Pelaksana tugas (Plt) Bupati Pati Risma Ardhi Chandra mengungkapkan pinjaman Rp90 miliar itu ditolak oleh Kementerian Keuangan (Kemenkeu) dengan alasan menyalahi aturan.
“Kemarin yang pinjaman dari BPD Jateng disetujui Rp90 miliar, tetapi sesuai dengan perundangan ataupun peraturan menteri keuangan cuman disetujui Rp67 miliar,” kata Chandra saat menghadiri acara Partai Demokrat di Hotel Gritary Pati, Minggu 26 April 2026.
Meski mengaku tidak masalah, Chandra menilai nominal anggaran tersebut cukup untuk melaksanakan proyek perbaikan jalan.
Ia menegaskan akan segera berkoordinasi dengan DPRD terkait ruas jalan mana saja yang membutuhkan perbaikan segera.
“Jadi nanti kami akan koordinasi dengan anggota dewan supaya kami semua bisa saling kontrol daerah jalan mana saja yang urgen. Yang lain nanti kita lanjutkan di anggaran perubahan,” imbuhnya.

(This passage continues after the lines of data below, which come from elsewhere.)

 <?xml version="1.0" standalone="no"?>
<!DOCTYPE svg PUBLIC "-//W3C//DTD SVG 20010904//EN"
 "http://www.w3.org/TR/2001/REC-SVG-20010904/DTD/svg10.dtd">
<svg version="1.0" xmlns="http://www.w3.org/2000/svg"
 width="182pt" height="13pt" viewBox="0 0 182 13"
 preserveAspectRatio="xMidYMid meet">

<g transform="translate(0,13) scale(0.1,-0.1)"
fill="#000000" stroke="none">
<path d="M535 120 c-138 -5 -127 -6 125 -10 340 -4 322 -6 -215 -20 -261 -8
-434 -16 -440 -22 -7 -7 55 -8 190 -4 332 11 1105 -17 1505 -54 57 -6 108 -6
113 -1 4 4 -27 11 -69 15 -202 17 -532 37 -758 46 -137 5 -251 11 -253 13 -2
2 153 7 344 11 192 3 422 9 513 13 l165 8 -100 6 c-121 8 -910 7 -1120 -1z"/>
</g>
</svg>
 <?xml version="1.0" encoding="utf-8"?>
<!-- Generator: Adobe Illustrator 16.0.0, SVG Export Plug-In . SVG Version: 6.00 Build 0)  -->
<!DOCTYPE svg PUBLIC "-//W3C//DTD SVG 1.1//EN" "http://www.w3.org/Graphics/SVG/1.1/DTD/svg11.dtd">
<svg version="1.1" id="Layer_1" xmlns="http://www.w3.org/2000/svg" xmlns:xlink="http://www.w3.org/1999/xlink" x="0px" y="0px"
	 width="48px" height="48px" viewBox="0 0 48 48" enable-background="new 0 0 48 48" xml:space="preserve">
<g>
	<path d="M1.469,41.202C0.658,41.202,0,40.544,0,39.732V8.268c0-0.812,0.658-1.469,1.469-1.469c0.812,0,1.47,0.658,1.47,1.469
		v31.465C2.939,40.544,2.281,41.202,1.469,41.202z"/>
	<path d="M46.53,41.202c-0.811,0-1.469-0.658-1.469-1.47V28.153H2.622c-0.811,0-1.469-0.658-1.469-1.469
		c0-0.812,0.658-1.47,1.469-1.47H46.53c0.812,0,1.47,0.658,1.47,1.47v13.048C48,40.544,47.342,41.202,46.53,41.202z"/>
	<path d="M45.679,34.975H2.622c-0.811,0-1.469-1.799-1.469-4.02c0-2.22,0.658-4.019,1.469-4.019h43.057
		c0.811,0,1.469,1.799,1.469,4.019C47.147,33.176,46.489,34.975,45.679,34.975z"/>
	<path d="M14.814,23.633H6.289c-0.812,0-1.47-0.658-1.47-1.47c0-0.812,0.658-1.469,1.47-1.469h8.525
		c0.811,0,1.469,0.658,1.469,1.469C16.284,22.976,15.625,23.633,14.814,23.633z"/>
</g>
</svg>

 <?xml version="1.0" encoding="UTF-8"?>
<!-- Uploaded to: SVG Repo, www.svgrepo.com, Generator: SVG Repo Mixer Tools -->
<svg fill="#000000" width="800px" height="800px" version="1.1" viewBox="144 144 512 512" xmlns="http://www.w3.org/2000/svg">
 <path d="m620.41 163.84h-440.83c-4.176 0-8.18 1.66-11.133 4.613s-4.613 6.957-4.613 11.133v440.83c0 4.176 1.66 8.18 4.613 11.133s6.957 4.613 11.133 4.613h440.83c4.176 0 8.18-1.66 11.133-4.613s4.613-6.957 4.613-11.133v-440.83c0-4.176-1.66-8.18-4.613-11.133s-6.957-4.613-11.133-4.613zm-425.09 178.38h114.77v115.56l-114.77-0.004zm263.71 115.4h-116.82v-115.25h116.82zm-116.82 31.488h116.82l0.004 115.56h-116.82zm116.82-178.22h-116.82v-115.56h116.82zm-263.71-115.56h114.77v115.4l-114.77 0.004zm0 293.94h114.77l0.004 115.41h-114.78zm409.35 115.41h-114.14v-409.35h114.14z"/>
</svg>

Dirinya pun berharap proyek infrastruktur dapat selesai di 2027, sehingga pada tahun selanjutnya Pemkab Pati bisa fokus untuk peningkatan kualitas pendidikan dan kesehatan.
“Jadi infrastruktur kita benahi di 2026 dan 2027, selanjutnya fokus kami di pendidikan dan kesehatan,” tutup Chandra.